Records for this task:
○ ○ ○ ○ ○ ○ ○
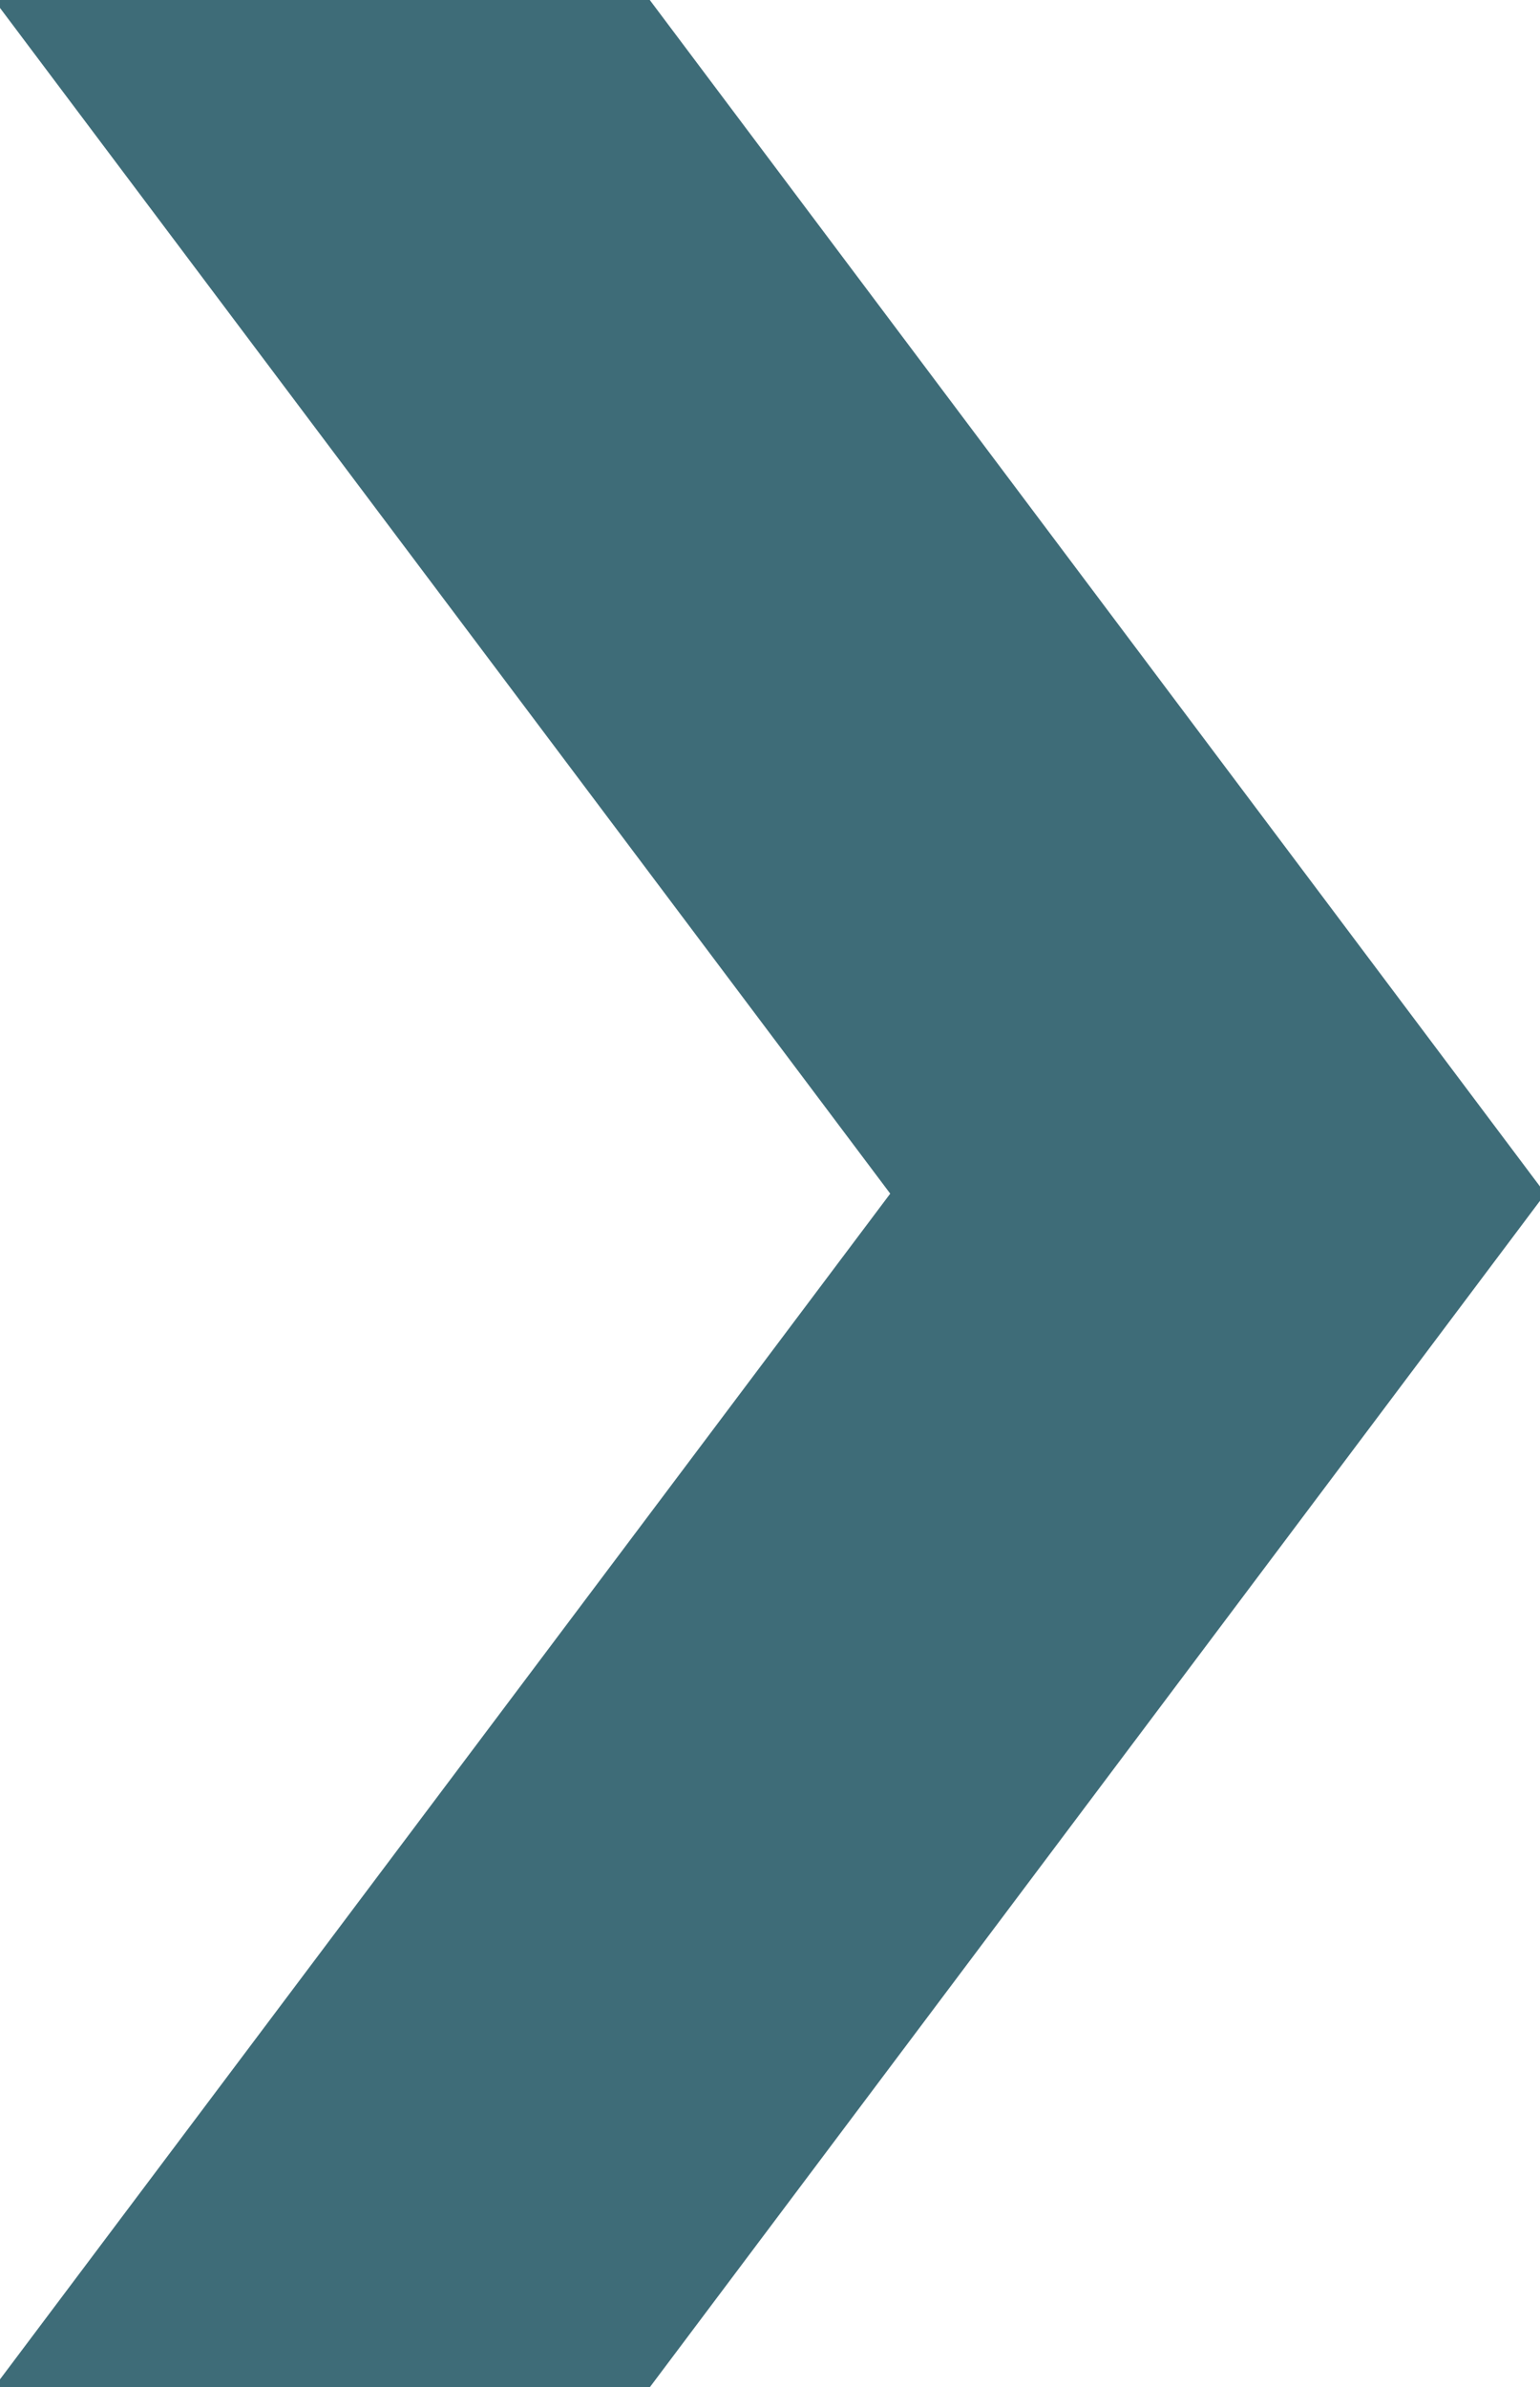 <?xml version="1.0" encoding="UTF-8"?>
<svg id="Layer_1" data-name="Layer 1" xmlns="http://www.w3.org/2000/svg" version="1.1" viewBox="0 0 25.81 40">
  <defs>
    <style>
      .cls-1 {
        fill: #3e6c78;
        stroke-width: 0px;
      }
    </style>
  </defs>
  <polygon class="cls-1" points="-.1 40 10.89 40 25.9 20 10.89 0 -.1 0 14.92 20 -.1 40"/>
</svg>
○ ○ ○ ○ ○ ○ ○
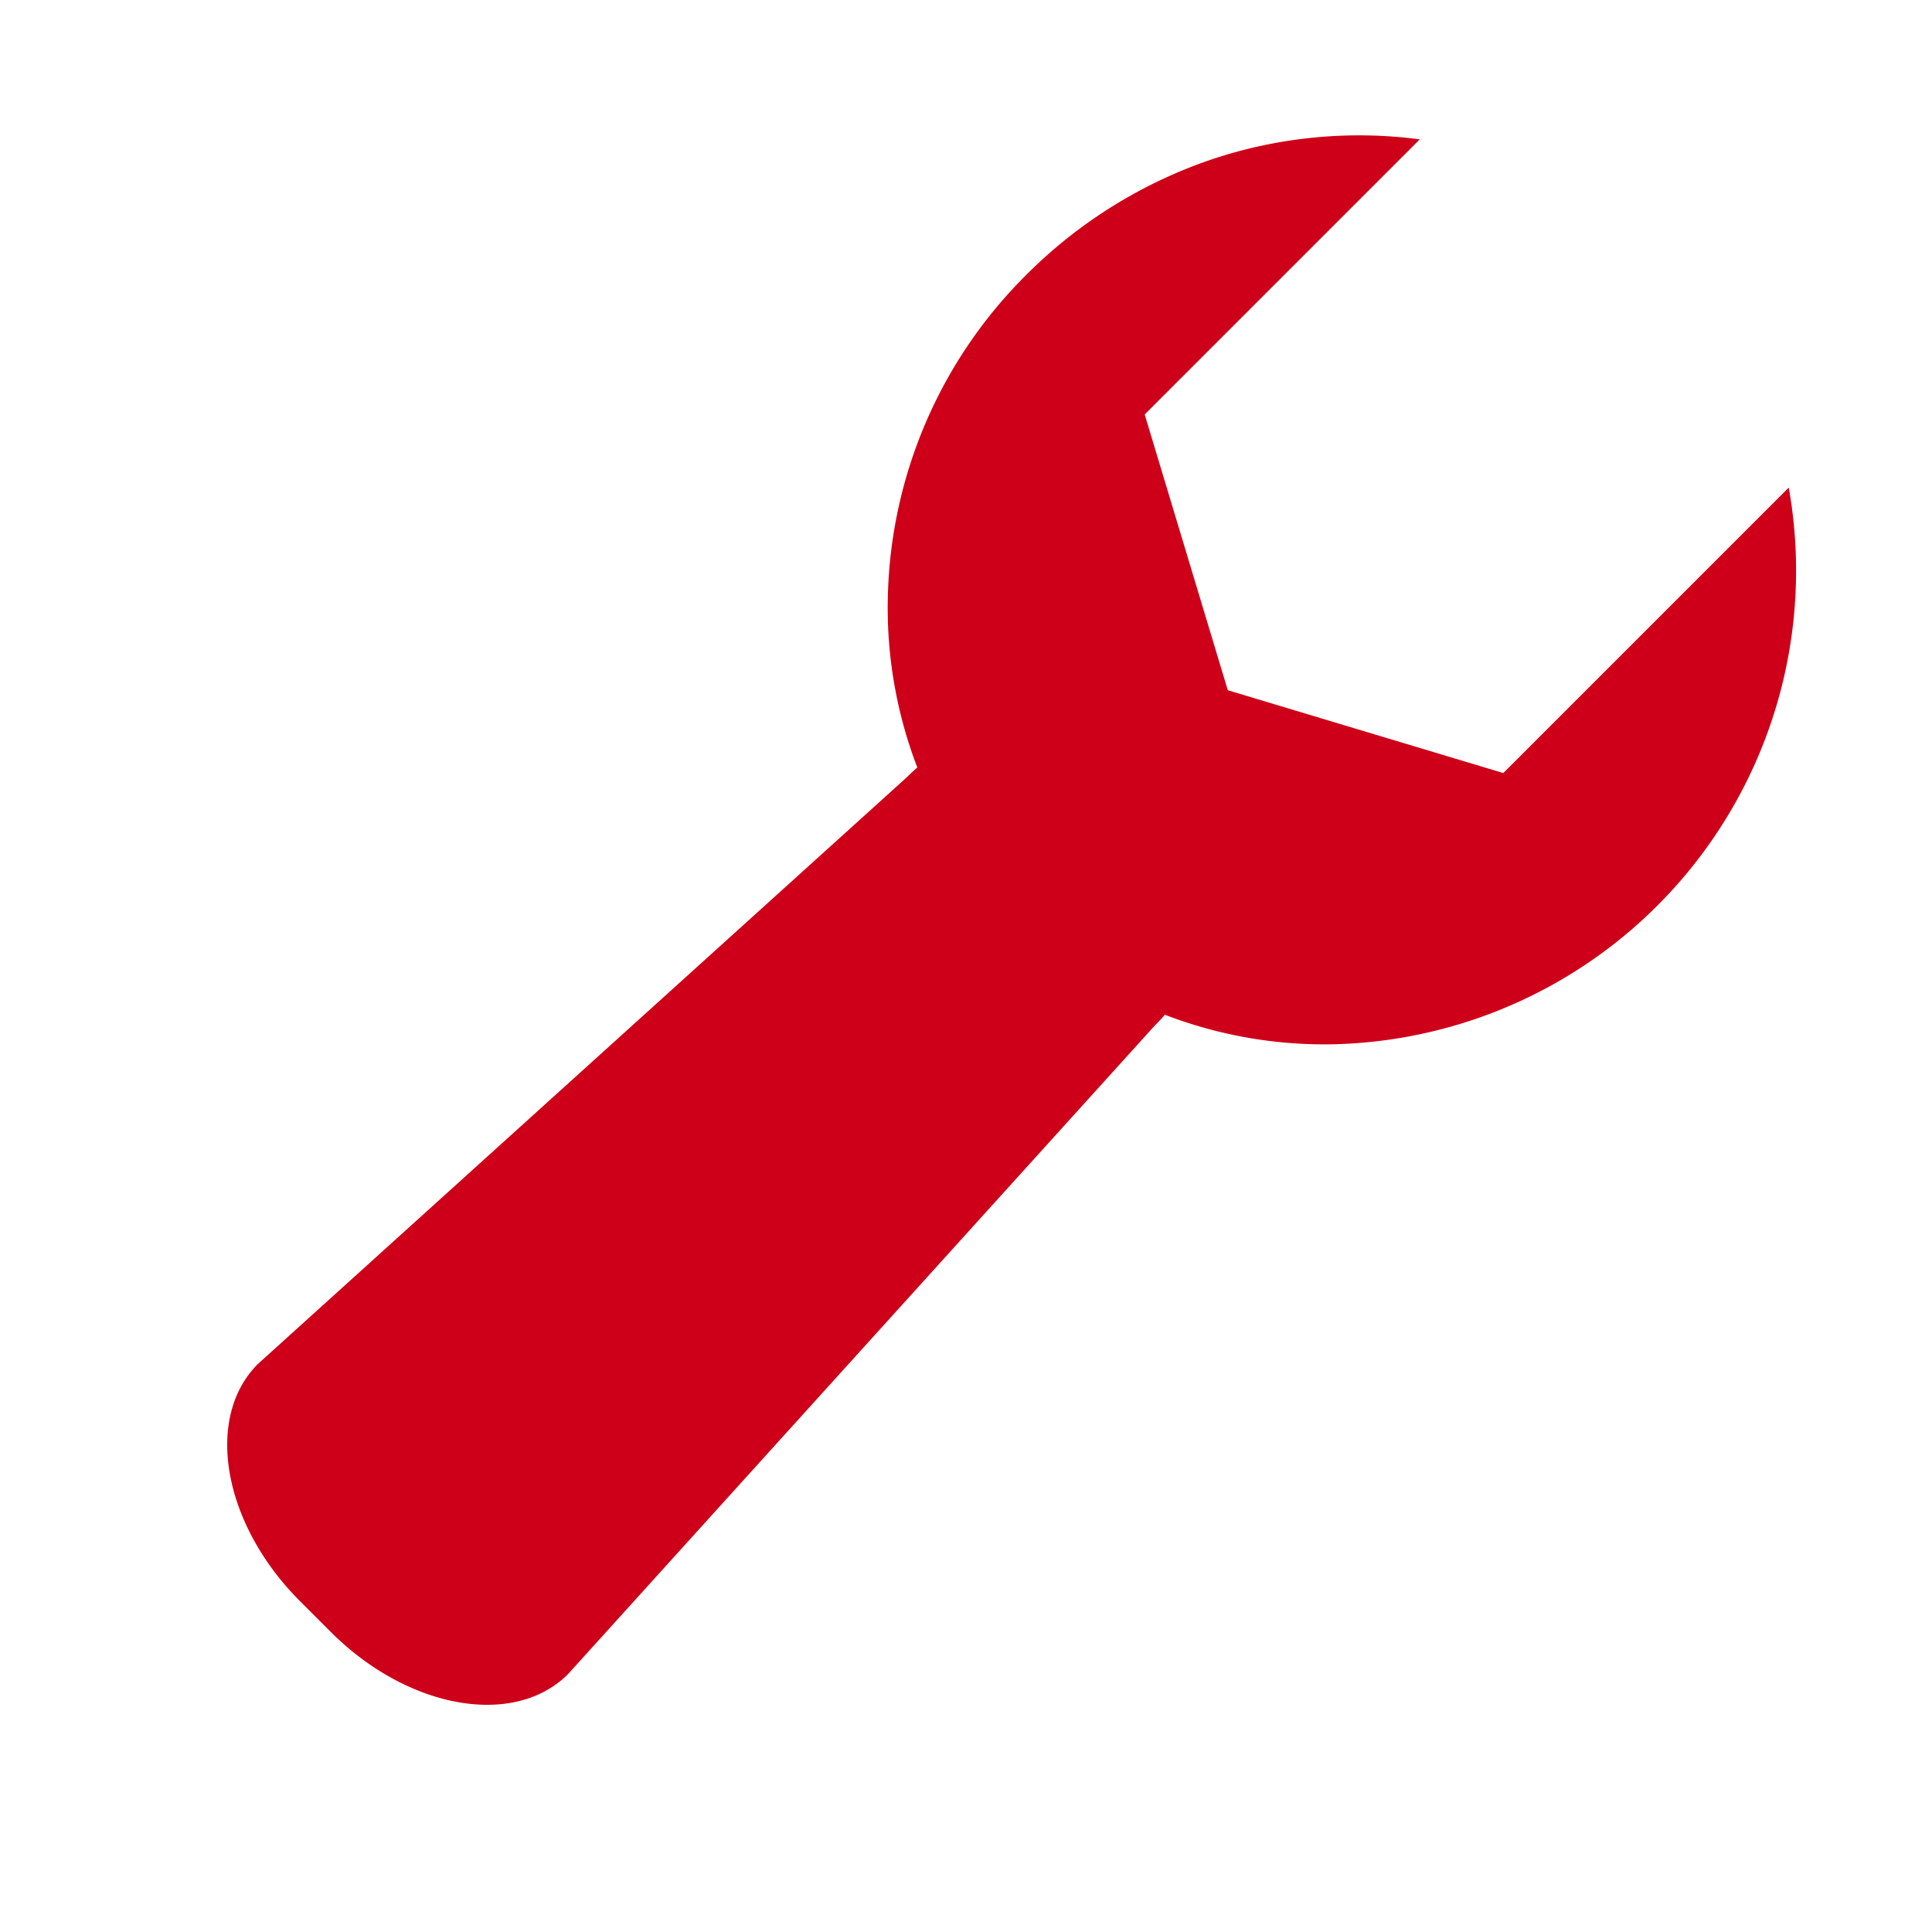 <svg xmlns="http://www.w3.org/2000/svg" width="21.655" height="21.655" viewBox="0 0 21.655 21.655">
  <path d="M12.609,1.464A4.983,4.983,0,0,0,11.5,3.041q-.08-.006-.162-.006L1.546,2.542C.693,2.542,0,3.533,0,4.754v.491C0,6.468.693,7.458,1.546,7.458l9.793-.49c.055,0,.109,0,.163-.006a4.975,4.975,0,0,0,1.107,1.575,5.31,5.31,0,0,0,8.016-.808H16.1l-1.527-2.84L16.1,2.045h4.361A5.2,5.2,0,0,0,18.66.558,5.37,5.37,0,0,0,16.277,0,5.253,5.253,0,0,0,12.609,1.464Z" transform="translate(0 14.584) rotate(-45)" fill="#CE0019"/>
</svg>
○ ○ ○ ○ ○ ○ ○
Exercise goal: Only the number is wanted here. How many lines in the entries contain "fill"?

Reply: 2